Non ho dimenticato nulla

“Non ho dimenticato nulla”

«Ultimamente vai sempre in ospedale da tua sorella, corri là ogni giorno con le borse piene», borbottò Andrea guardando la moglie Giulia che rientrava dall’ennesima visita alla clinica. Si sedettero a cena, lui continuò: «Perché questa ossessione? Caterina non è grave, ha il marito, i figli, la nuora… C’è forse un dottore affascinante che ti fa fare tutti questi giri?»

«Ma che sciocchezze dici!» lo rimbeccò Giulia. «Tra l’altro, il medico di Caterina è una donna. La tua teoria è già sfumata.»

Andrea scosse la testa: «Davvero, non capisco. Ti alzi alle sei per preparare brodi e spremute, dopo il lavoro voli a casa, prepari la borsa e corri da lei. Ti stai sfiancando, hai le occhiaie…»

«Va bene, ti spiego», sospirò Giulia sparecchiando. «Faccio il tè e parliamo.»

«Finalmente», sussurrò lui.

***

Diciassettenne, Giulia Rossetti lasciò il paesino montano in Calabria per studiare a Milano. I genitori, commercianti, non potevano mantenerla all’università, ma lei riuscì a entrare in un istituto tecnico giuridico. Determinata a non tornare tra i vigneti dove l’unico futuro era fare la cassiera come la madre, sognava il diploma e un lavoro in città.

Al liceo aveva frequentato Vittorio, ragazzo semplice che preferiva la vita rurale. Lui, ora impiegato in un’azienda vinicola, si era sposato con Elena, compaesana innamorata da anni. Giulia, invece, trovò una stanza nella residenza universitaria e studiò con dedizione, vivendo con la modesta borsa di studio e i soldi inviati dai genitori.

Quel giorno d’autunno le rimase impresso: tornava in autobus dalla biblioteca dopo aver studiato diritto civile. L’ora di punta trasformò il mezzo in una scatola di sardine. Quando scese, scoprì la borsa tagliata. Sudore freddo: il portafoglio era sparito.

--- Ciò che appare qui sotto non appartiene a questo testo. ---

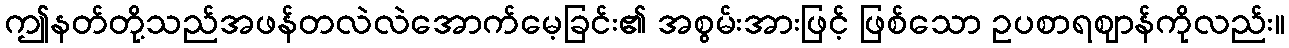
ဤနတ်တို့သည်အဖန်တလဲလဲအောက်မေ့ခြင်း၏ အစွမ်းအားဖြင့် ဖြစ်သော ဥပစာရဈာန်ကိုလည်း။
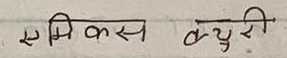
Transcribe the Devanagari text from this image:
सम्बिकस क्युरी
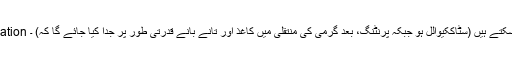
a.In شرائط کے چپچپا اب ہمارے چپچپا Sublimation منتقلی کاغذ واسکعثاٹی کی ضروریات کو پورا کر سکتے ہیں (سٹاککیوالل ہو جبکہ پرنٹنگ، بعد گرمی کی منتقلی میں کاغذ اور تانے بانے قدرتی طور پر جدا کیا جائے گا کہ) ۔
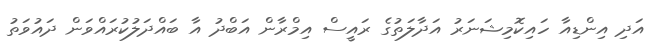
އަދި އިންޑިއާ ހައިކޮމިޝަނަރު އަދާލަތުގެ ރައީސް އިމްރާން އަބްދު އާ ބައްދަލުކުރައްވަން ދައުވަތު
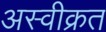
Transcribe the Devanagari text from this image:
अस्वीक्रत
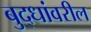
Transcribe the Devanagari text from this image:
बुद्धांवरील
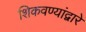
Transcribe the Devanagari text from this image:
शिकवण्यांद्वारे
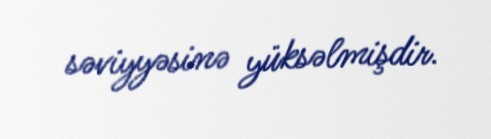
səviyyəsinə yüksəlmişdir.
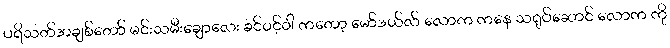
ပရိသတ်အချစ်တော် မင်းသမီးချောလေး ခင်ဝင့်ဝါ ကတော့ မော်ဒယ်လ် လောက ကနေ သရုပ်ဆောင် လောက ကို
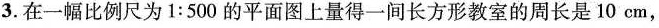
3.在一幅比例尺为$$1:500$$的平面图上量得一间长方形教室的周长是10cm，
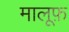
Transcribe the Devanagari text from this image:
मालूफ़
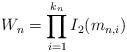
LaTeX: \begin{align*} W_n = \prod_{i=1}^{k_n} I_2(m_{n,i}) \end{align*}
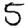
Digit: 5
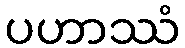
ပဟာဿံ
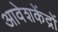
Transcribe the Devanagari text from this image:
आवेशकेंद्रों
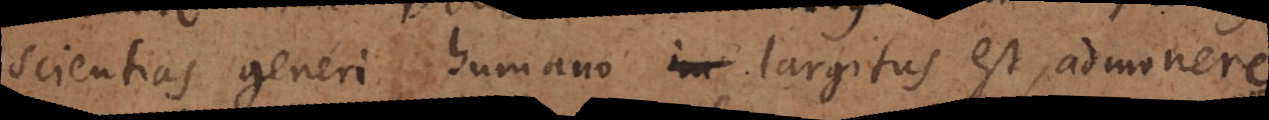
scientias generi humano in largitus est, admonere
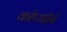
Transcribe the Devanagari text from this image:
कॉप्थॉर्न
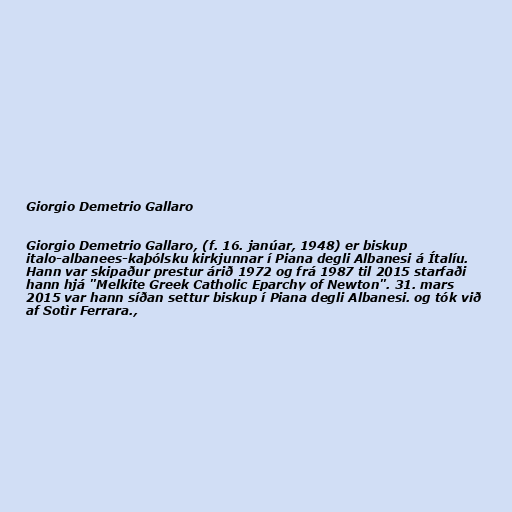
Giorgio Demetrio Gallaro

Giorgio Demetrio Gallaro, (f. 16. janúar, 1948) er biskup
italo-albanees-kaþólsku kirkjunnar í Piana degli Albanesi á Ítalíu.
Hann var skipaður prestur árið 1972 og frá 1987 til 2015 starfaði
hann hjá "Melkite Greek Catholic Eparchy of Newton". 31. mars
2015 var hann síðan settur biskup í Piana degli Albanesi. og tók við
af Sotìr Ferrara.,
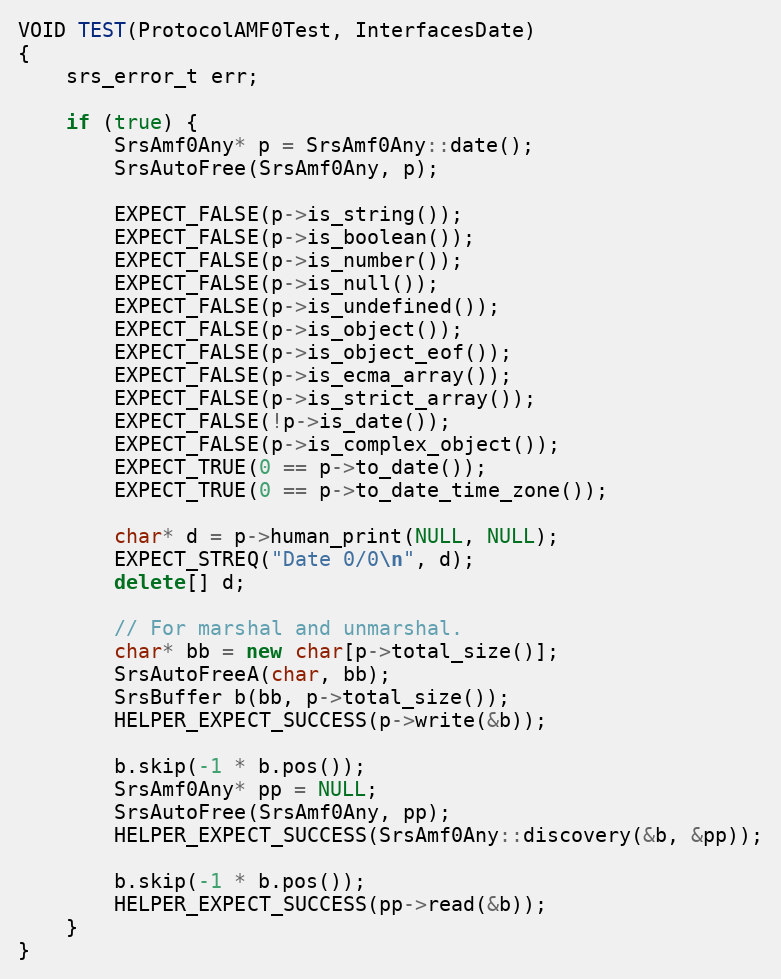
Language: C++
VOID TEST(ProtocolAMF0Test, InterfacesDate)
{
    srs_error_t err;

    if (true) {
        SrsAmf0Any* p = SrsAmf0Any::date();
        SrsAutoFree(SrsAmf0Any, p);

        EXPECT_FALSE(p->is_string());
        EXPECT_FALSE(p->is_boolean());
        EXPECT_FALSE(p->is_number());
        EXPECT_FALSE(p->is_null());
        EXPECT_FALSE(p->is_undefined());
        EXPECT_FALSE(p->is_object());
        EXPECT_FALSE(p->is_object_eof());
        EXPECT_FALSE(p->is_ecma_array());
        EXPECT_FALSE(p->is_strict_array());
        EXPECT_FALSE(!p->is_date());
        EXPECT_FALSE(p->is_complex_object());
        EXPECT_TRUE(0 == p->to_date());
        EXPECT_TRUE(0 == p->to_date_time_zone());

        char* d = p->human_print(NULL, NULL);
        EXPECT_STREQ("Date 0/0\n", d);
        delete[] d;

        // For marshal and unmarshal.
        char* bb = new char[p->total_size()];
        SrsAutoFreeA(char, bb);
        SrsBuffer b(bb, p->total_size());
        HELPER_EXPECT_SUCCESS(p->write(&b));

        b.skip(-1 * b.pos());
        SrsAmf0Any* pp = NULL;
        SrsAutoFree(SrsAmf0Any, pp);
        HELPER_EXPECT_SUCCESS(SrsAmf0Any::discovery(&b, &pp));

        b.skip(-1 * b.pos());
        HELPER_EXPECT_SUCCESS(pp->read(&b));
    }
}
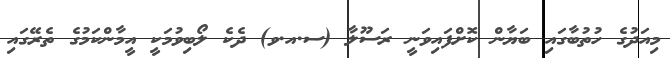
މިއަދުގެ ހުތުބާގައި ބަޔާން ކޮށްފައިވަނީ ރަސޫލާ (ސ.އ.ވ) ދެކެ ލޯބިވުމަކީ އީމާންކަމުގެ ތެރޭގައި
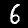
Label: 6

Tragedia. Quel giorno aveva ritirato la borsa di studio e i 200 euro dei genitori, unica risorsa dopo che il padre le aveva confessato i ritardi nello stipendio. Ora, niente. Cibo in camera: margarina, due cipolle, tè, pasta. Come sopravvivere un mese?

«Perché piangi?» chiese Silvia, la coinquilina. Giulia raccontò.

«Colpa tua», commentò Silvia. «Chi porta tutti i soldi in giro? Dovevi nasconderli nel reggiseno. Sei una gallina senza cervello, però carina. Voglio presentarti un uomo facoltoso… in cambio di compagnia.»

Giulia rabbrividì: «No, grazie.»

«Allora chiedi ai genitori.»

«Non posso. Papà è in difficoltà.»

Silvia scrollò le spalle: «Io ho speso tutto in vestiti. Rifletti: quando si ha fame, i principi volano via.»

Giulia si girò verso il muro, lacrime silenziose sul cuscino. Dormì sfibrata, sognando soluzioni impossibili.